Task brief ▸ Output the entries below unchanged, except for the pictures.

(Saved data entries)
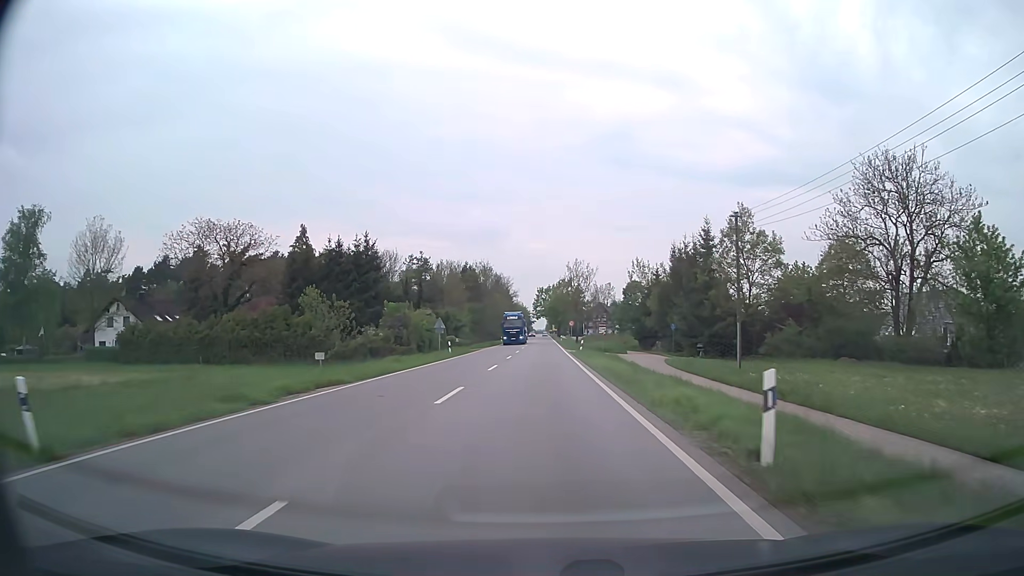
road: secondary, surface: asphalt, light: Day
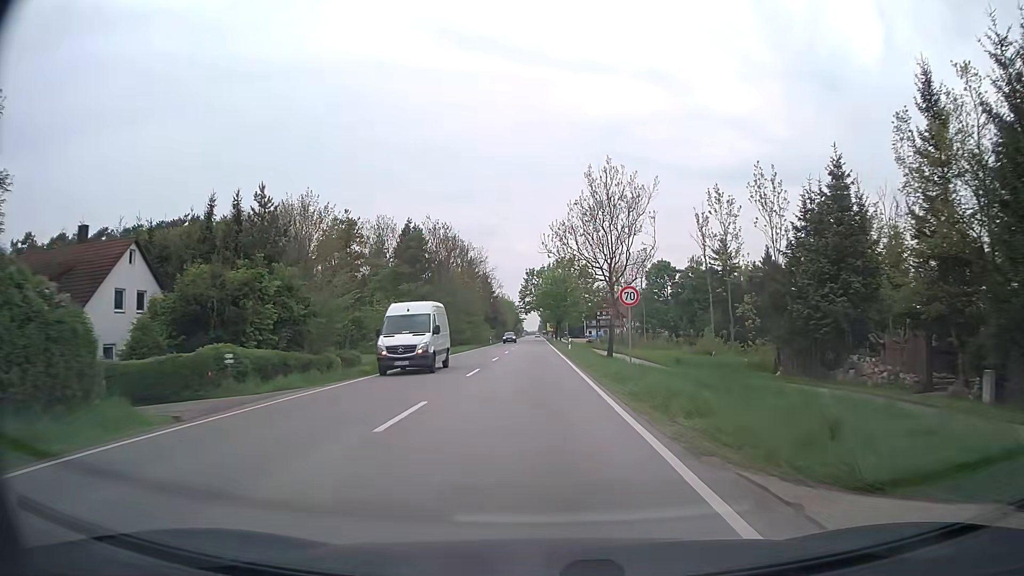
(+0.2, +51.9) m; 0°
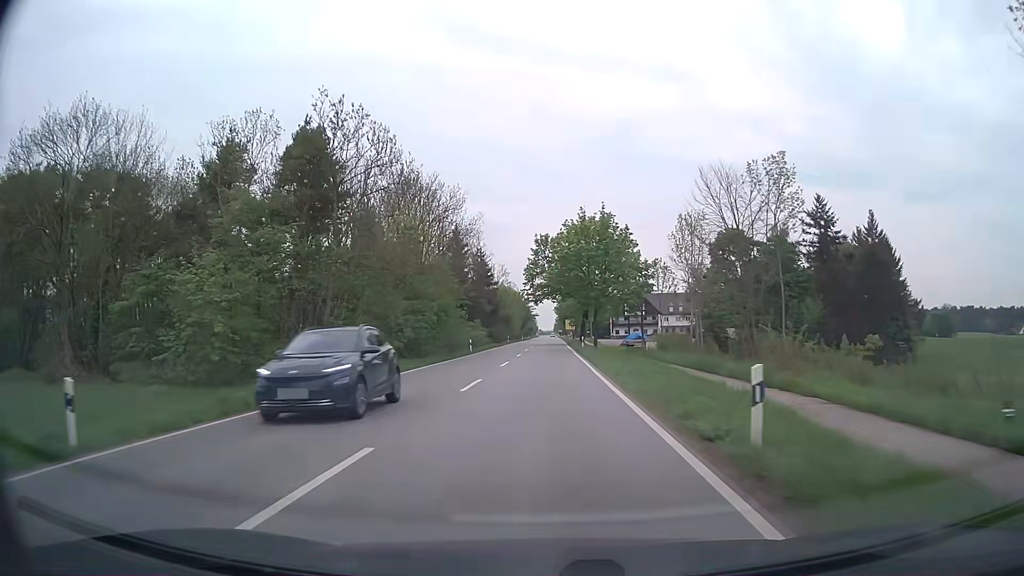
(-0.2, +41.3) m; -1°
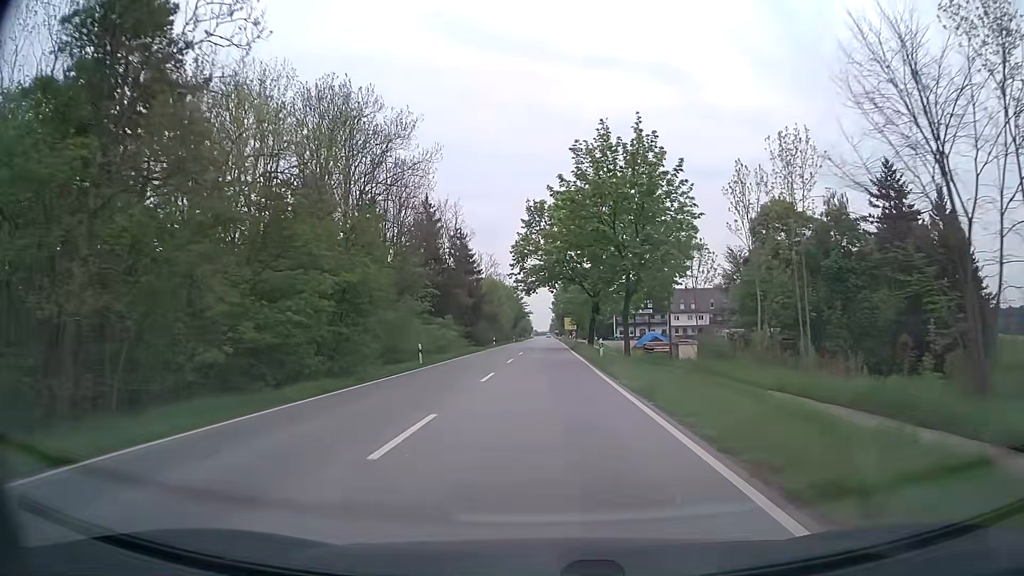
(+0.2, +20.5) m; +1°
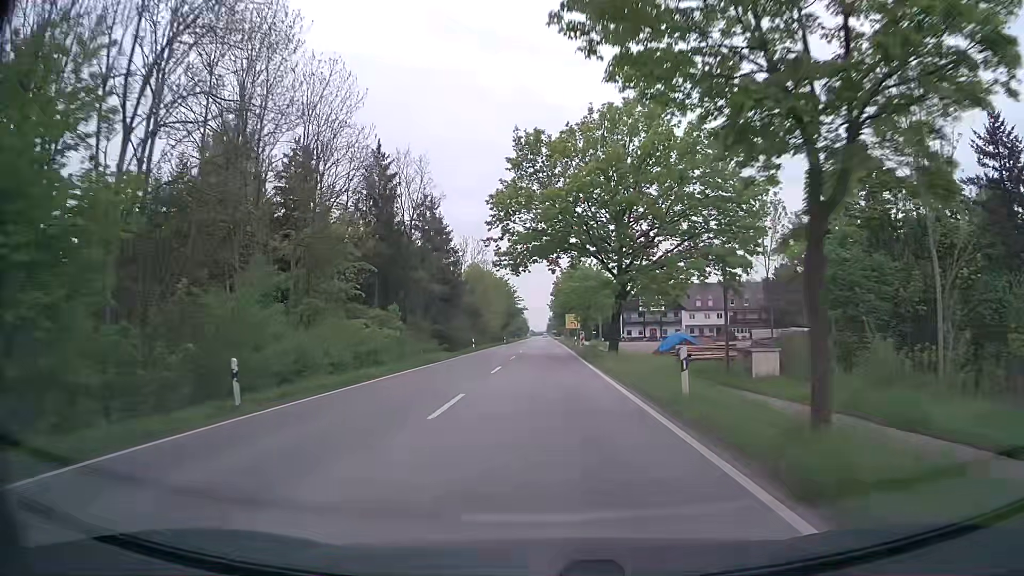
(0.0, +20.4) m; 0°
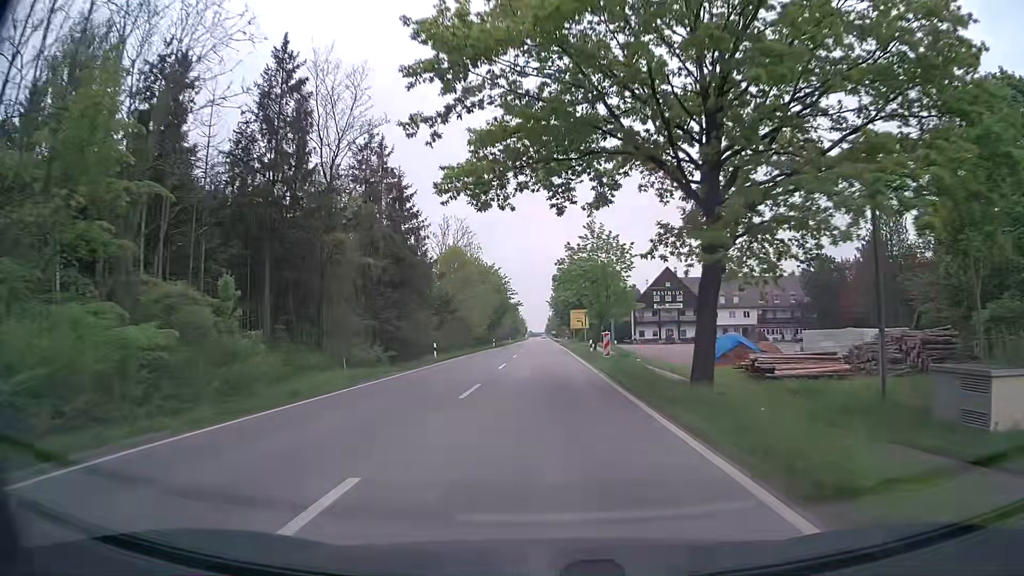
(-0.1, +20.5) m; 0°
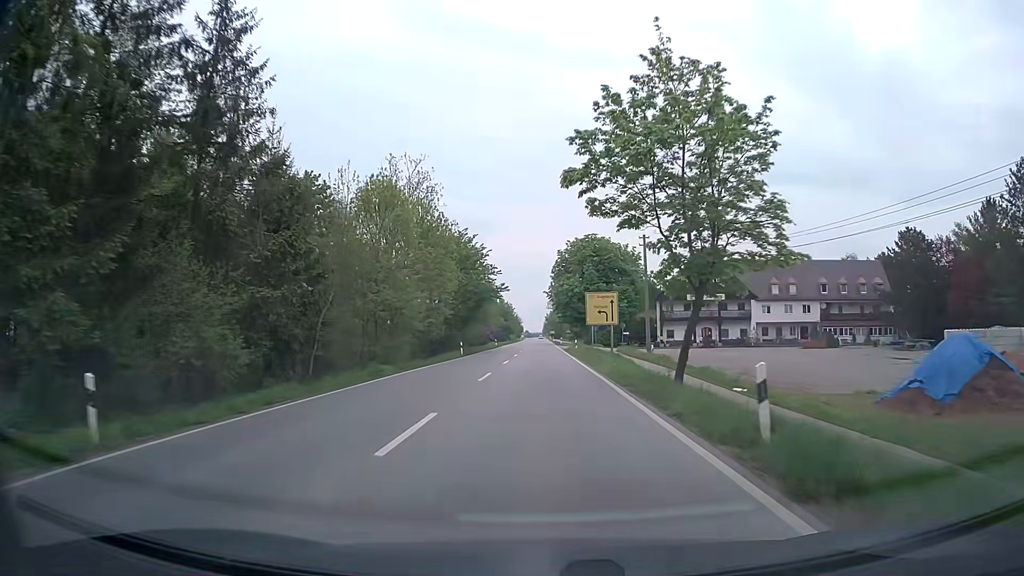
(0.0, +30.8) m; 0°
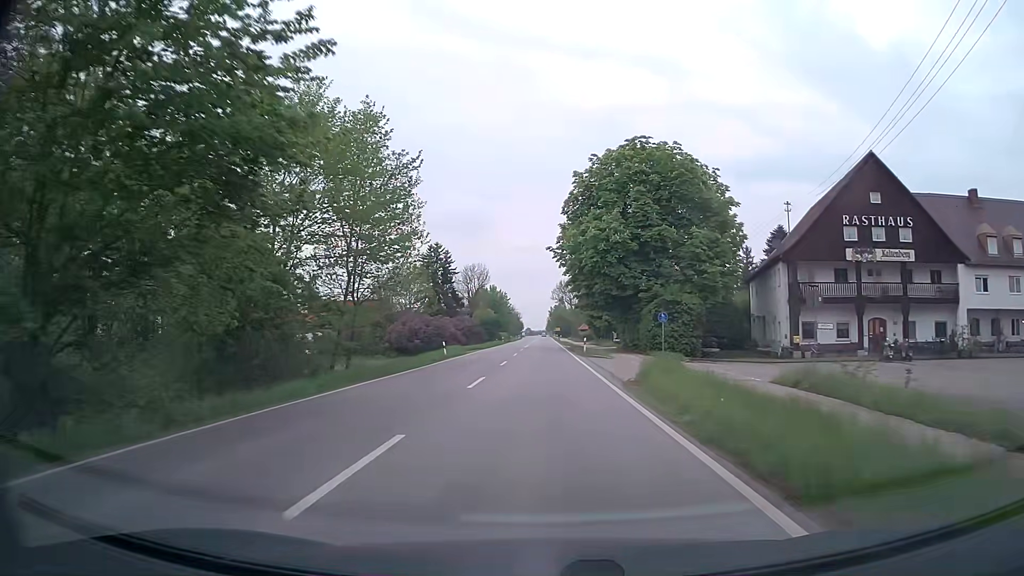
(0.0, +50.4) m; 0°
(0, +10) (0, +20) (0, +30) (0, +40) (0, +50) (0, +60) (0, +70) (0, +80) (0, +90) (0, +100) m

Response to the exercise ▸
road: secondary, surface: asphalt, light: Day
(+0.2, +51.9) m; 0°
(-0.2, +41.3) m; -1°
(+0.2, +20.5) m; +1°
(0.0, +20.4) m; 0°
(-0.1, +20.5) m; 0°
(0.0, +30.8) m; 0°
(0.0, +50.4) m; 0°
(0, +10) (0, +20) (0, +30) (0, +40) (0, +50) (0, +60) (0, +70) (0, +80) (0, +90) (0, +100) m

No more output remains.